In this way, you can read or set the contents (or colors) of any cell on the screen.  Many classic games, like *Rogue* and *Dwarf Fortress*, use exactly this sort of technique to draw 2D games using only a text display.  In Mini Micro, the need for this is reduced, since it has powerful graphics capabilities you'll learn by the end of this book.  But the ability to do advanced text-based user interfaces is there if you need it.


## ASCII Bear

{i:"ASCII art"}
To celebrate your new understanding of the text displays and color, here's a program that creates an adorable little bear using "ASCII art" (artwork made only with standard letters, numbers, and punctuation).  Type carefully!

```miniscript
text.color = color.black
text.backColor = color.white
clear
print "    _     _"
print "   (c).-.(c)"
print "    / ._. \"
print "  __\( Y )/__"
print " (_.-/'-'\-._)"
print "    || x ||"
print "  _.' `-' '._"
print " (.-./`-~\.-.)"
print "  `-'     `-'"
text.setCellColor 7, 20, color.gray // belly button
text.setCellColor 6, 23, color.blue // left eye
text.setCellColor 8, 23, color.blue // right eye
```
Feel free to tweak this and improve it if you can!


## Exploring the Demos

{i:"`/sys/demo`,`theMatrix`;`/sys/demo`,`forestFire`"}
There are several demos in `/sys/demo/` that you are better equipped to understand now.  `theMatrix.ms` demonstrates direct manipulation of the text display.  The logic for managing all those dropping columns of characters is a little complex, but see if you can find where the characters and colors are poked onto the screen with text.setCell and text.setCellColor.  Slightly simpler is the `forestFire.ms` program, which simulates a forest fire entirely on the text display.

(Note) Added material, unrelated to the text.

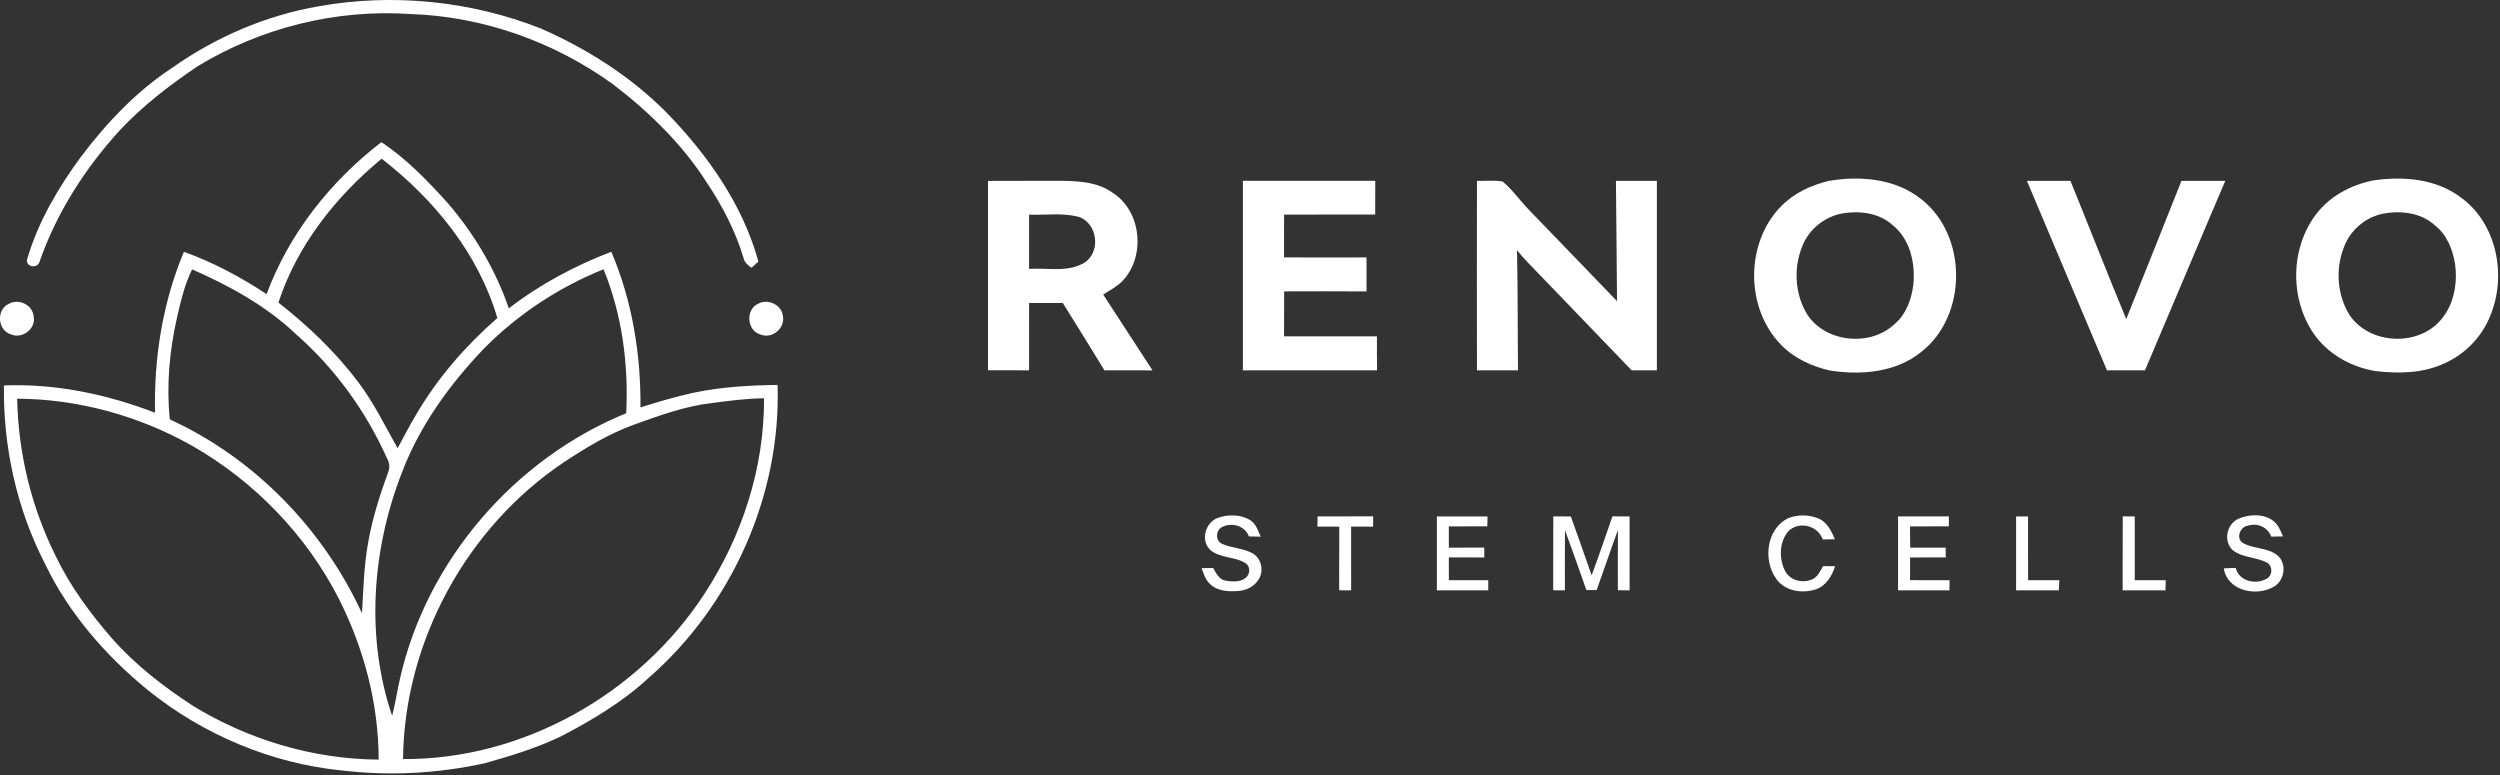 <svg xmlns="http://www.w3.org/2000/svg" width="1277" height="396" viewBox="0 0 1277 396" fill="none"><rect x="0" y="0" width="1277" height="396" fill="#333333" stroke="none"/><path d="M162.685 3.222C200.672 -3.565 240.512 0.435 276.405 14.608C299.965 24.995 322.138 39.022 340.338 57.355C361.285 78.875 379.378 104.355 387.392 133.635C386.205 134.675 385.032 135.729 383.872 136.782C382.018 135.449 380.165 133.982 379.752 131.609C375.645 117.995 369.045 105.275 361.178 93.489C348.632 73.742 331.618 57.209 313.138 43.048C283.112 21.382 246.712 8.355 209.632 7.169C171.712 4.569 133.218 14.168 100.805 33.928C86.632 43.489 72.965 53.995 61.231 66.502C43.458 86.008 28.885 108.689 20.205 133.702C19.005 137.689 12.472 136.169 13.978 132.035C19.565 113.142 29.752 95.822 41.392 80.035C54.538 62.635 69.778 46.542 88.098 34.529C110.325 18.849 135.872 7.902 162.685 3.222Z" fill="white"></path><path d="M136.178 150.235C147.645 119.315 168.791 92.648 194.791 72.608C207.658 81.102 218.365 92.328 228.671 103.675C242.271 119.488 253.125 137.768 259.911 157.528C275.751 145.262 293.565 135.755 312.258 128.608C322.951 153.635 327.365 180.982 327.151 208.102C336.111 205.275 345.138 202.608 354.325 200.595C368.405 197.648 382.818 196.808 397.178 196.622C398.978 252.848 373.871 309.088 331.578 346.035C318.298 358.382 302.618 367.782 286.591 376.102C274.138 382.115 260.845 386.142 247.565 389.875C223.791 395.088 199.151 396.435 174.965 393.595C138.751 390.035 103.885 375.342 75.578 352.555C53.978 334.888 35.138 313.328 23.018 288.035C8.551 260.008 1.591 228.395 2.005 196.888C28.391 195.835 54.658 201.395 79.205 210.822C78.578 182.808 83.071 154.515 93.938 128.622C108.885 133.982 122.938 141.515 136.178 150.235ZM142.218 154.568C157.205 166.302 171.138 179.555 182.658 194.742C190.765 205.328 196.565 217.382 203.098 228.942C206.205 223.342 209.031 217.595 212.365 212.128C223.285 193.328 237.711 176.728 254.045 162.448C244.391 129.528 221.738 101.848 194.951 81.062C171.485 100.462 151.751 125.355 142.218 154.568ZM90.458 162.022C86.565 179.088 84.951 196.768 86.738 214.222C129.991 234.035 165.058 270.182 184.911 313.275C185.605 301.222 185.885 289.102 188.045 277.195C190.165 265.022 193.898 253.222 198.111 241.635C199.138 239.288 199.125 236.688 197.845 234.448C187.031 210.222 171.138 188.155 151.138 170.662C135.911 156.208 117.218 145.968 98.125 137.582C94.338 145.288 92.365 153.688 90.458 162.022ZM247.378 177.862C229.578 196.448 214.111 217.795 205.045 242.035C189.965 281.128 186.751 325.675 200.298 365.622C201.978 359.435 202.791 353.062 204.271 346.835C217.858 286.395 262.658 234.475 319.871 211.062C321.125 186.155 317.765 160.702 308.298 137.528C285.565 146.702 264.631 160.435 247.378 177.862ZM8.765 203.648C9.325 231.462 16.018 259.115 28.445 284.022C35.791 299.342 45.951 313.115 57.058 325.928C68.965 339.488 83.365 350.622 98.431 360.462C126.871 377.888 160.018 387.795 193.418 388.008C193.391 359.582 185.938 331.302 173.151 305.982C156.471 273.222 129.858 245.782 97.965 227.595C70.858 212.342 39.898 203.808 8.765 203.648ZM364.071 205.808C350.218 207.355 337.031 212.168 323.991 216.862C311.205 221.462 299.498 228.542 288.205 235.995C238.351 269.275 206.485 327.742 205.871 387.728C267.031 388.128 326.391 354.502 359.671 303.568C379.071 274.022 390.458 238.888 390.271 203.435C381.485 203.528 372.765 204.688 364.071 205.808Z" fill="white"></path><path d="M4.565 155.169C9.511 152.422 16.525 155.582 17.138 161.369C18.698 167.675 11.485 173.355 5.618 170.809C-1.315 168.795 -2.022 158.102 4.565 155.169Z" fill="white"></path><path d="M387.205 155.168C392.151 152.422 399.218 155.555 399.885 161.328C401.258 167.595 394.271 173.422 388.365 170.822C381.445 168.888 380.738 158.142 387.205 155.168Z" fill="white"></path><path d="M504.672 92.408C517.405 92.341 530.125 92.382 542.859 92.368C551.619 92.528 560.992 93.102 568.325 98.475C583.192 107.862 585.338 131.288 573.165 143.715C570.338 146.488 566.832 148.368 563.512 150.448C571.952 163.341 580.312 176.275 588.699 189.195C580.512 189.128 572.325 189.168 564.139 189.155C557.165 177.621 549.965 166.235 542.872 154.768C537.125 154.768 531.392 154.768 525.659 154.768C525.659 166.235 525.685 177.701 525.645 189.155C518.645 189.155 511.659 189.182 504.672 189.128C504.699 156.888 504.699 124.648 504.672 92.408ZM525.645 109.648C525.672 118.875 525.672 128.101 525.645 137.341C535.112 136.688 545.712 139.382 554.192 133.995C562.592 128.248 560.459 113.595 550.685 110.675C542.512 108.648 533.979 109.928 525.645 109.648Z" fill="white"></path><path d="M634.871 92.369C657.404 92.369 679.938 92.395 702.484 92.356C702.431 98.102 702.444 103.849 702.458 109.595C686.938 109.609 671.431 109.555 655.911 109.635C655.898 116.915 655.924 124.195 655.884 131.475C669.924 131.542 683.964 131.555 698.004 131.489C698.018 137.275 697.991 143.075 698.031 148.862C684.004 148.755 669.964 148.795 655.938 148.835C655.884 156.489 655.911 164.129 655.898 171.782C671.711 171.809 687.524 171.822 703.338 171.782C703.351 177.582 703.311 183.382 703.391 189.182C680.551 189.142 657.711 189.169 634.871 189.169C634.871 156.902 634.871 124.635 634.871 92.369Z" fill="white"></path><path d="M754.432 92.395C758.778 92.489 763.205 91.982 767.525 92.702C772.472 96.796 776.138 102.116 780.538 106.742C795.765 122.369 810.805 138.169 825.978 153.836C825.885 133.342 825.565 112.862 825.418 92.382C832.378 92.382 839.352 92.382 846.325 92.382C846.312 124.636 846.312 156.902 846.325 189.156C842.032 189.156 837.738 189.156 833.458 189.169C815.792 170.889 798.245 152.489 780.552 134.222C778.565 132.182 776.672 130.022 774.885 127.809C775.338 148.262 775.165 168.716 775.405 189.182C768.405 189.142 761.418 189.169 754.432 189.156C754.378 156.902 754.378 124.649 754.432 92.395Z" fill="white"></path><path d="M933.871 92.462C949.991 89.649 968.058 91.129 981.271 101.662C1005.15 120.195 1005.15 161.302 981.285 179.835C968.365 190.275 950.685 191.729 934.818 189.275C925.458 187.195 916.351 182.969 909.631 176.009C891.498 157.315 891.458 124.209 909.618 105.529C916.111 98.795 924.858 94.649 933.871 92.462ZM940.845 109.049C931.951 110.729 923.898 117.182 920.658 125.689C915.951 136.929 916.831 150.515 923.298 160.902C932.938 175.209 955.791 177.182 968.045 165.262C973.738 160.355 976.378 152.809 977.325 145.542C978.485 134.542 975.671 122.035 966.645 114.889C959.738 108.675 949.685 107.489 940.845 109.049Z" fill="white"></path><path d="M1035.35 92.395C1042.76 92.355 1050.18 92.382 1057.59 92.382C1067.14 115.889 1076.35 139.529 1086.08 162.969C1095.52 139.462 1104.96 115.942 1114.28 92.382C1121.75 92.369 1129.2 92.369 1136.67 92.382C1122.9 124.595 1109.42 156.929 1095.66 189.155C1089.18 189.169 1082.71 189.155 1076.24 189.155C1062.63 156.889 1048.91 124.689 1035.35 92.395Z" fill="white"></path><path d="M1211.39 92.316C1226.82 89.849 1243.9 91.089 1256.8 100.702C1275.4 113.982 1280.62 140.796 1272.02 161.302C1267.75 172.182 1258.99 181.049 1248.33 185.742C1237.47 190.702 1225.15 190.916 1213.51 189.556C1201.06 187.529 1189.11 180.942 1181.86 170.462C1169.39 152.329 1169.9 126.022 1183.63 108.716C1190.5 100.076 1200.71 94.662 1211.39 92.316ZM1216.91 109.222C1208.01 111.089 1200.26 117.876 1197.22 126.436C1192.83 137.662 1193.84 151.022 1200.35 161.236C1210.62 175.929 1234.78 177.102 1246.56 163.676C1253.39 155.982 1255.4 144.942 1254.06 134.969C1252.88 127.502 1249.9 119.876 1243.75 115.129C1236.63 108.529 1226.09 107.382 1216.91 109.222Z" fill="white"></path><path d="M622.205 264.475C627.458 262.702 633.725 262.688 638.565 265.662C641.552 267.555 642.645 271.048 643.965 274.128C641.952 274.088 639.938 274.048 637.952 274.008C635.912 268.448 629.005 266.608 624.045 269.315C620.992 271.048 620.778 275.955 623.952 277.675C629.058 280.088 635.072 279.902 640.032 282.742C644.378 285.408 645.685 291.688 642.912 295.942C640.698 299.755 636.325 301.728 632.045 301.915C627.205 302.262 621.618 301.875 618.018 298.235C615.685 296.142 614.858 293.022 613.778 290.222C615.738 290.182 617.712 290.142 619.685 290.115C621.152 292.755 622.685 296.035 626.032 296.595C629.672 297.248 634.525 297.502 637.112 294.328C638.565 292.302 638.498 289.488 636.485 287.862C630.965 284.102 623.232 285.368 618.138 280.822C613.032 275.968 615.778 266.662 622.205 264.475Z" fill="white"></path><path d="M672.938 268.982C672.964 267.235 672.991 265.502 673.031 263.768C682.498 263.768 691.964 263.795 701.431 263.755C701.404 265.502 701.391 267.248 701.378 269.008C697.631 269.022 693.884 269.022 690.151 268.995C690.178 279.848 690.151 290.702 690.164 301.555C688.111 301.528 686.071 301.515 684.044 301.515C684.098 290.675 684.018 279.835 684.111 269.008C680.378 269.022 676.658 269.008 672.938 268.982Z" fill="white"></path><path d="M733.951 263.795C742.565 263.768 751.191 263.755 759.805 263.795C759.778 265.475 759.764 267.168 759.751 268.861C753.178 268.901 746.618 268.888 740.058 268.875C740.071 272.501 740.071 276.128 740.071 279.768C746.098 279.701 752.124 279.728 758.164 279.728C758.164 280.981 758.178 283.488 758.178 284.741C752.138 284.715 746.085 284.728 740.058 284.728C740.071 288.608 740.071 292.488 740.084 296.368C746.791 296.381 753.498 296.381 760.205 296.368C760.191 298.088 760.191 299.808 760.205 301.528C751.458 301.528 742.698 301.515 733.951 301.541C733.951 288.955 733.951 276.381 733.951 263.795Z" fill="white"></path><path d="M793.431 263.768C796.405 263.768 799.391 263.782 802.391 263.808C806.018 273.808 809.498 283.862 813.005 293.902C816.738 283.928 820.098 273.808 823.645 263.755C826.551 263.768 829.458 263.768 832.391 263.782C832.405 276.368 832.391 288.955 832.391 301.528C830.391 301.515 828.391 301.515 826.405 301.515C826.405 291.248 826.351 280.982 826.431 270.728C822.725 280.915 819.191 291.182 815.578 301.422C813.805 301.408 812.058 301.408 810.325 301.422C806.738 291.182 803.125 280.942 799.378 270.768C799.311 281.022 799.351 291.288 799.351 301.555C797.351 301.528 795.351 301.515 793.378 301.515C793.431 288.928 793.351 276.355 793.431 263.768Z" fill="white"></path><path d="M913.072 264.836C917.992 262.756 923.845 262.782 928.805 264.809C933.245 266.676 935.539 271.222 937.219 275.449C935.152 275.489 933.099 275.516 931.045 275.542C928.632 268.502 919.192 266.062 913.725 271.089C908.899 276.449 908.565 284.996 911.659 291.302C913.952 296.316 920.432 298.129 925.339 296.049C928.419 294.969 929.712 291.742 931.259 289.169C933.285 289.182 935.312 289.209 937.365 289.236C935.765 294.209 932.779 299.276 927.552 301.036C920.632 303.316 911.725 302.009 907.339 295.702C900.499 286.316 902.219 270.462 913.072 264.836Z" fill="white"></path><path d="M969.538 263.782C978.191 263.782 986.831 263.755 995.485 263.795C995.485 265.062 995.485 267.595 995.485 268.862C988.858 268.889 982.231 268.889 975.618 268.875C975.645 272.502 975.658 276.129 975.738 279.755C981.778 279.702 987.805 279.715 993.858 279.742C993.858 280.982 993.871 283.489 993.885 284.729C987.805 284.729 981.725 284.729 975.658 284.742C975.645 288.595 975.645 292.462 975.658 296.329C982.378 296.396 989.098 296.382 995.818 296.355C995.791 298.075 995.778 299.809 995.778 301.542C987.031 301.515 978.285 301.529 969.538 301.529C969.538 288.942 969.538 276.355 969.538 263.782Z" fill="white"></path><path d="M1029.82 263.809C1031.83 263.795 1033.87 263.795 1035.93 263.809C1035.94 274.662 1035.91 285.516 1035.94 296.369C1041.25 296.382 1046.57 296.369 1051.89 296.382C1051.82 297.675 1051.7 300.249 1051.65 301.542C1044.37 301.515 1037.09 301.515 1029.82 301.542C1029.82 288.955 1029.81 276.382 1029.82 263.809Z" fill="white"></path><path d="M1084.3 263.755C1086.32 263.768 1088.36 263.768 1090.43 263.795C1090.47 274.648 1090.44 285.515 1090.44 296.382C1095.71 296.368 1100.98 296.382 1106.26 296.355C1106.23 297.648 1106.16 300.248 1106.12 301.542C1098.83 301.515 1091.54 301.528 1084.24 301.528C1084.31 288.942 1084.22 276.342 1084.3 263.755Z" fill="white"></path><path d="M1143.63 264.875C1150.06 262.168 1159.5 262.315 1163.66 268.769C1164.67 270.422 1165.37 272.222 1166.18 273.995C1164.17 274.049 1162.15 274.089 1160.17 274.102C1158.33 269.289 1153.17 266.969 1148.26 268.515C1144.27 268.982 1141.89 274.995 1145.65 277.342C1151.1 280.475 1158.17 279.595 1163.23 283.582C1168.11 287.648 1167.14 295.849 1162.06 299.329C1153.18 305.035 1137.82 302.155 1135.9 290.315C1137.42 290.249 1140.46 290.129 1141.98 290.075C1143.73 297.102 1152.55 298.889 1158.15 295.409C1160.87 293.715 1160.9 289.049 1158.09 287.449C1152.55 284.462 1145.58 285.035 1140.54 281.062C1135.42 276.515 1137.45 267.395 1143.63 264.875Z" fill="white"></path></svg>

{i:"`/sys/demo`,`typing`"}
There's a typing game called `typing.ms` that also uses the text display.  Right near the top of the program, you'll find a `printAt` function that uses the things you learned today to print things exactly where they should appear on screen.

{i:"`/sys/demo`,`therapist`;`/sys/demo`,`textAdventure`;`/sys/demo`,`acey-deucey`"}
Finally, several of the other demos are primarily text-based, but don't do anything too fancy with the display.  The `therapist`, `textAdventure`, and `acey-deucey` programs all fall into this category.


A> **Chapter Review**
A> - You learned how to represent colors in Mini Micro using HTML color syntax.
A> - You found the `color` module with 20 built-in colors, plus several handy functions.
A> - You explored the `text` module, and its several properties and methods that let you display (or read) text anywhere on the screen, in any colors you like.